[[ Entries provided, beginning ]]

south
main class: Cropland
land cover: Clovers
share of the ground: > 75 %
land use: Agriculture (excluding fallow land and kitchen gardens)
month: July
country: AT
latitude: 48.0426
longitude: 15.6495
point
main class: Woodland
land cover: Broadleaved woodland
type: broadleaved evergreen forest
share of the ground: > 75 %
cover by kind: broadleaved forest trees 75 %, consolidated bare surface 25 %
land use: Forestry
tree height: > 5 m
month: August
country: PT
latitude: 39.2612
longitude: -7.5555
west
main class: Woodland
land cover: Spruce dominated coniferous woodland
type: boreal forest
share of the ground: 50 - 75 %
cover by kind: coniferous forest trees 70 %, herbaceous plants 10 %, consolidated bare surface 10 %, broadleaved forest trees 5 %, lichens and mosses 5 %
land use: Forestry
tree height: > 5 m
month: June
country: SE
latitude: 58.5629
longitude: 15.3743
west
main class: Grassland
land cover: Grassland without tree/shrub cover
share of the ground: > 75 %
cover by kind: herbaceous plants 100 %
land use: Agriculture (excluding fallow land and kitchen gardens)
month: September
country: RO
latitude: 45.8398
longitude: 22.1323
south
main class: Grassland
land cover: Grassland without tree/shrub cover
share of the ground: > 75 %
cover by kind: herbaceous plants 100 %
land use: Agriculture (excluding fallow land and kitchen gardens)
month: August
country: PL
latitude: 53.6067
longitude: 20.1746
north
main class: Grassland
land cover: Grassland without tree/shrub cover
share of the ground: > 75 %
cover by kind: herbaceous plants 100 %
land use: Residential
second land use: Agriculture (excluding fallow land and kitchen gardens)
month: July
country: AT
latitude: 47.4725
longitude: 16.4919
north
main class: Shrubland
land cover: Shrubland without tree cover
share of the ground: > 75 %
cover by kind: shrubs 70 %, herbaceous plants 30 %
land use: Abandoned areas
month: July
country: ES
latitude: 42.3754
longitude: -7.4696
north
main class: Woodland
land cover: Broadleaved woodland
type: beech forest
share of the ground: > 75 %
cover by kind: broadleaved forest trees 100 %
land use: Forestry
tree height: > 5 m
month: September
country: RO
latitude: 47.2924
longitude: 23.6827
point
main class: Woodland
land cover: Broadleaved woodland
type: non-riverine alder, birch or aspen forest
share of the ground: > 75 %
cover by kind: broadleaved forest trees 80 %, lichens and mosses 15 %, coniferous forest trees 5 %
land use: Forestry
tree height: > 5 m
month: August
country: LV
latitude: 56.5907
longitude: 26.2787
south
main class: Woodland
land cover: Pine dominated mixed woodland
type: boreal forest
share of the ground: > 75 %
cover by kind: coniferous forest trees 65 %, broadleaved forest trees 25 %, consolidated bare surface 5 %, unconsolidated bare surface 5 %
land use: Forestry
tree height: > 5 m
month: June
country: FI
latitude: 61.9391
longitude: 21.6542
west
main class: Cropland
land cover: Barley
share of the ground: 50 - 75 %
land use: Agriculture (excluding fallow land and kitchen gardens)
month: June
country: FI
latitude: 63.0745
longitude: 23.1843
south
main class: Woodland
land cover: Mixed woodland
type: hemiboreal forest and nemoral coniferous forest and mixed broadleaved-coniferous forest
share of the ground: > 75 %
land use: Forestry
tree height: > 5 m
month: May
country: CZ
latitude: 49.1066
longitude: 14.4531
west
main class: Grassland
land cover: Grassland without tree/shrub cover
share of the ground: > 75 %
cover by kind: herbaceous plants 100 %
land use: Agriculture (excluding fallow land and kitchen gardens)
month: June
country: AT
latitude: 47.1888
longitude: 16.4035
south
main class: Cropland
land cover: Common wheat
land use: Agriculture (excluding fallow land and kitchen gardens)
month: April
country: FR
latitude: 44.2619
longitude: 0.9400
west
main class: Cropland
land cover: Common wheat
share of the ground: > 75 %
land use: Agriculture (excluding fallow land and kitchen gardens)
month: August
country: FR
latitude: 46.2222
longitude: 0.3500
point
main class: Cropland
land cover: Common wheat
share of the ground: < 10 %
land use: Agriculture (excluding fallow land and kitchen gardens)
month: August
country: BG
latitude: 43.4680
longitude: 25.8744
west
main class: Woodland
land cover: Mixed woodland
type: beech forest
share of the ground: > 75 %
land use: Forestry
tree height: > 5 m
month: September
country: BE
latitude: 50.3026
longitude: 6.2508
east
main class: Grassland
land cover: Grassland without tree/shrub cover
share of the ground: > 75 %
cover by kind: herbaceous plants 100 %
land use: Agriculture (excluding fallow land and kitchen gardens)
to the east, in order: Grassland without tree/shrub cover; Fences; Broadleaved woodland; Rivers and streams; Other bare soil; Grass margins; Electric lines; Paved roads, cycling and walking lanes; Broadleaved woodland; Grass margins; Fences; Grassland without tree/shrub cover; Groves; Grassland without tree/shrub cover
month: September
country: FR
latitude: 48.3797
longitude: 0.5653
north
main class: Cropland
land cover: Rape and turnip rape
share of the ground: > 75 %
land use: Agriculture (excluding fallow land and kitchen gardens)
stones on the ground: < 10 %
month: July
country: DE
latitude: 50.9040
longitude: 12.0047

[[ Entries provided, end ]]

## About this exercise
Produce the records once again, exactly as they stand above.

## Response area
south
main class: Cropland
land cover: Clovers
share of the ground: > 75 %
land use: Agriculture (excluding fallow land and kitchen gardens)
month: July
country: AT
latitude: 48.0426
longitude: 15.6495
point
main class: Woodland
land cover: Broadleaved woodland
type: broadleaved evergreen forest
share of the ground: > 75 %
cover by kind: broadleaved forest trees 75 %, consolidated bare surface 25 %
land use: Forestry
tree height: > 5 m
month: August
country: PT
latitude: 39.2612
longitude: -7.5555
west
main class: Woodland
land cover: Spruce dominated coniferous woodland
type: boreal forest
share of the ground: 50 - 75 %
cover by kind: coniferous forest trees 70 %, herbaceous plants 10 %, consolidated bare surface 10 %, broadleaved forest trees 5 %, lichens and mosses 5 %
land use: Forestry
tree height: > 5 m
month: June
country: SE
latitude: 58.5629
longitude: 15.3743
west
main class: Grassland
land cover: Grassland without tree/shrub cover
share of the ground: > 75 %
cover by kind: herbaceous plants 100 %
land use: Agriculture (excluding fallow land and kitchen gardens)
month: September
country: RO
latitude: 45.8398
longitude: 22.1323
south
main class: Grassland
land cover: Grassland without tree/shrub cover
share of the ground: > 75 %
cover by kind: herbaceous plants 100 %
land use: Agriculture (excluding fallow land and kitchen gardens)
month: August
country: PL
latitude: 53.6067
longitude: 20.1746
north
main class: Grassland
land cover: Grassland without tree/shrub cover
share of the ground: > 75 %
cover by kind: herbaceous plants 100 %
land use: Residential
second land use: Agriculture (excluding fallow land and kitchen gardens)
month: July
country: AT
latitude: 47.4725
longitude: 16.4919
north
main class: Shrubland
land cover: Shrubland without tree cover
share of the ground: > 75 %
cover by kind: shrubs 70 %, herbaceous plants 30 %
land use: Abandoned areas
month: July
country: ES
latitude: 42.3754
longitude: -7.4696
north
main class: Woodland
land cover: Broadleaved woodland
type: beech forest
share of the ground: > 75 %
cover by kind: broadleaved forest trees 100 %
land use: Forestry
tree height: > 5 m
month: September
country: RO
latitude: 47.2924
longitude: 23.6827
point
main class: Woodland
land cover: Broadleaved woodland
type: non-riverine alder, birch or aspen forest
share of the ground: > 75 %
cover by kind: broadleaved forest trees 80 %, lichens and mosses 15 %, coniferous forest trees 5 %
land use: Forestry
tree height: > 5 m
month: August
country: LV
latitude: 56.5907
longitude: 26.2787
south
main class: Woodland
land cover: Pine dominated mixed woodland
type: boreal forest
share of the ground: > 75 %
cover by kind: coniferous forest trees 65 %, broadleaved forest trees 25 %, consolidated bare surface 5 %, unconsolidated bare surface 5 %
land use: Forestry
tree height: > 5 m
month: June
country: FI
latitude: 61.9391
longitude: 21.6542
west
main class: Cropland
land cover: Barley
share of the ground: 50 - 75 %
land use: Agriculture (excluding fallow land and kitchen gardens)
month: June
country: FI
latitude: 63.0745
longitude: 23.1843
south
main class: Woodland
land cover: Mixed woodland
type: hemiboreal forest and nemoral coniferous forest and mixed broadleaved-coniferous forest
share of the ground: > 75 %
land use: Forestry
tree height: > 5 m
month: May
country: CZ
latitude: 49.1066
longitude: 14.4531
west
main class: Grassland
land cover: Grassland without tree/shrub cover
share of the ground: > 75 %
cover by kind: herbaceous plants 100 %
land use: Agriculture (excluding fallow land and kitchen gardens)
month: June
country: AT
latitude: 47.1888
longitude: 16.4035
south
main class: Cropland
land cover: Common wheat
land use: Agriculture (excluding fallow land and kitchen gardens)
month: April
country: FR
latitude: 44.2619
longitude: 0.9400
west
main class: Cropland
land cover: Common wheat
share of the ground: > 75 %
land use: Agriculture (excluding fallow land and kitchen gardens)
month: August
country: FR
latitude: 46.2222
longitude: 0.3500
point
main class: Cropland
land cover: Common wheat
share of the ground: < 10 %
land use: Agriculture (excluding fallow land and kitchen gardens)
month: August
country: BG
latitude: 43.4680
longitude: 25.8744
west
main class: Woodland
land cover: Mixed woodland
type: beech forest
share of the ground: > 75 %
land use: Forestry
tree height: > 5 m
month: September
country: BE
latitude: 50.3026
longitude: 6.2508
east
main class: Grassland
land cover: Grassland without tree/shrub cover
share of the ground: > 75 %
cover by kind: herbaceous plants 100 %
land use: Agriculture (excluding fallow land and kitchen gardens)
to the east, in order: Grassland without tree/shrub cover; Fences; Broadleaved woodland; Rivers and streams; Other bare soil; Grass margins; Electric lines; Paved roads, cycling and walking lanes; Broadleaved woodland; Grass margins; Fences; Grassland without tree/shrub cover; Groves; Grassland without tree/shrub cover
month: September
country: FR
latitude: 48.3797
longitude: 0.5653
north
main class: Cropland
land cover: Rape and turnip rape
share of the ground: > 75 %
land use: Agriculture (excluding fallow land and kitchen gardens)
stones on the ground: < 10 %
month: July
country: DE
latitude: 50.9040
longitude: 12.0047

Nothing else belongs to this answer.